--- Records for processing Enclosed Below ---

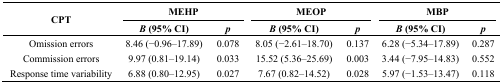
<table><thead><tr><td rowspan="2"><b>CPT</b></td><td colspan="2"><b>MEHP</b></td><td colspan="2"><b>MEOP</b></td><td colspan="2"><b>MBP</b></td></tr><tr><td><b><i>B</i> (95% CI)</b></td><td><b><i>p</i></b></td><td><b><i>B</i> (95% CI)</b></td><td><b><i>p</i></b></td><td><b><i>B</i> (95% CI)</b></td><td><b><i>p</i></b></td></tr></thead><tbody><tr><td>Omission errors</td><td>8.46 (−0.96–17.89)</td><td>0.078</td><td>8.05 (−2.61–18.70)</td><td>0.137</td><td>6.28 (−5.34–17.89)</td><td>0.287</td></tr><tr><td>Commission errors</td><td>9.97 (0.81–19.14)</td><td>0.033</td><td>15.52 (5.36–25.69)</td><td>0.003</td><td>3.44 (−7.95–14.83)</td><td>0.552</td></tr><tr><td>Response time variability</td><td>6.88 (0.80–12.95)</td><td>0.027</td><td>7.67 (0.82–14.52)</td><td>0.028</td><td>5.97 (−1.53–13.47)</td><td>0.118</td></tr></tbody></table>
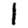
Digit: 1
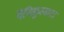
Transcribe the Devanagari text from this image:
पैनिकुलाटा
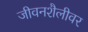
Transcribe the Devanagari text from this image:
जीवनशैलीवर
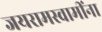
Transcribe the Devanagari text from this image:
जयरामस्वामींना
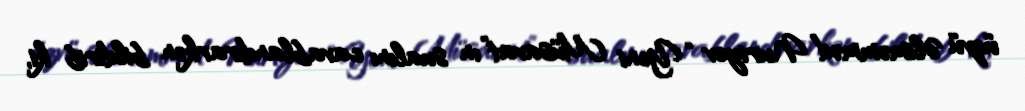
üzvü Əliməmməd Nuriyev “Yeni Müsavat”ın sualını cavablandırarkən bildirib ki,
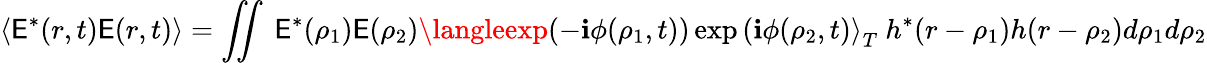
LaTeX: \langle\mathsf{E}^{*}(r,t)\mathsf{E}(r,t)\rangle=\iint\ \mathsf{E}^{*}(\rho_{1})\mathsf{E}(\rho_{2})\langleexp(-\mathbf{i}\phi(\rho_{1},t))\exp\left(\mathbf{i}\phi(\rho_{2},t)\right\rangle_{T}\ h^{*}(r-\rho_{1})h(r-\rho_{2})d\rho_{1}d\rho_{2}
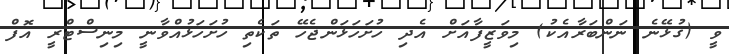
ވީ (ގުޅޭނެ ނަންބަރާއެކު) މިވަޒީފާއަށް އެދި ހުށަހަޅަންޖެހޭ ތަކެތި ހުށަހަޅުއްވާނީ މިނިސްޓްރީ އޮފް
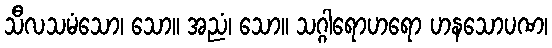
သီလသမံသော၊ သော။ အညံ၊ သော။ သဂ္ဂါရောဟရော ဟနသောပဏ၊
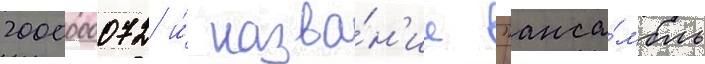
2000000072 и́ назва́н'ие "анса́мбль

--- End of Enclosed Records for processing ---

> What is expected:
Return only what lies between the line containing "သီလသမံသော၊ သော။ အညံ၊" and the last line of the listing, those two lines included, exactly as written and with no pictures.

> Solution to the exercise:
သီလသမံသော၊ သော။ အညံ၊ သော။ သဂ္ဂါရောဟရော ဟနသောပဏ၊
2000000072 и́ назва́н'ие "анса́мбль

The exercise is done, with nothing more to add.